Early evidence suggests that an individual’s experience of being bullied may be related to their mental health during Covid-19 lockdowns (Gomez-Leon, 2021; Soneson et al., 2022). Experiences of bullying in general are associated with reduced wellbeing (Arslan et al., 2021; Shaw et al., 2019) and higher rates of perceived stress (Canas et al., 2020; Estevez et al., 2009; Martinelli et al., 2011). Though bullying can take place in many locations, it is commonly reported within school settings (Karatzias et al., 2002). This raises the possibility that school closures during lockdown may have facilitated a reduction in the prevalence of bullying victimisation (Vaillancourt et al., 2021).
A small number of studies have examined whether the prevalence of bullying amongst young people changed following the beginning of the pandemic and associated lockdowns. These studies typically found either no change (Shin & Choi, 2021; Vaillancourt et al., 2021; Walters et al., 2021) or a reduction in bullying victimisation (Mastorci et al., 2021; Runkle et al., 2021; Soneson et al., 2022). Furthermore, emerging evidence suggests that expert concerns that cyber-bullying would increase during lockdown (Armitage, 2021; Englander, 2021) may not have come to pass. Studies examining cyber-bullying specifically have generally found no change in prevalence (Lessard & Puhl, 2021; Schunk et al., 2022), with one study finding a decrease in this form of victimisation (Vaillancourt et al., 2021). This suggests that school bullying did not simply move online when schools were closed. However, whilst evidence concerning the relationship between bullying prevalence and the Covid-19 pandemic continues to grow, it remains unclear what this means for adolescents’ wellbeing.
Therefore, we sought to investigate the relationship between experience of bullying and adolescent wellbeing during lockdown and subsequent re-opening of schools. To do this we used TeenCovidLife (Huggins et al., 2022), a longitudinal dataset examining the psychosocial and health impacts of Covid-19 on 12 to 17 year-olds living in Scotland, UK. Measures were collected at three timepoints corresponding to: the first Covid-19 lockdown (Time 1); pupils’ return to school after the first lockdown (Time 2); and the summer term of 2021 which coincided with pupils returning to school after another lockdown in early 2021 (Time 3). Specifically, we examined how pupils’ perceived stress and wellbeing scores changed over the course of the first pandemic period, and whether this differed between pupils who had experienced bullying and those who had not. We predicted that, overall, the group of pupils who experienced bullying would show higher perceived stress and lower wellbeing than the group of pupils who did not experience bullying. We further tentatively predicted that pupils who experienced bullying would show lower perceived stress and higher wellbeing during lockdown than when attending school, whilst pupils who did not experience bullying would show the opposite pattern. Due to the conflicting evidence from previous literature we did not make a directional prediction about how mental health would change for the sample as a whole.

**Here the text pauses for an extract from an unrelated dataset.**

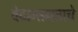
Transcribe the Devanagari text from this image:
वेदान्तमताचे
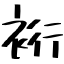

The data for this analysis were taken from TeenCovidLife, a longitudinal dataset examining the psychosocial and mental health impacts of Covid-19 on 12 to 17 year olds living in Scotland, UK. This dataset has been described in detail elsewhere (Huggins et al., 2022). Briefly, anyone living in Scotland who had access to the internet and was aged 12 to 17 when they joined TeenCovidLife could take part. Data were collected at three timepoints, using online surveys built using Qualtrics survey software (Qualtrics, 2020). Participants could complete the survey on a range of devices, including smartphone, tablet, and computer.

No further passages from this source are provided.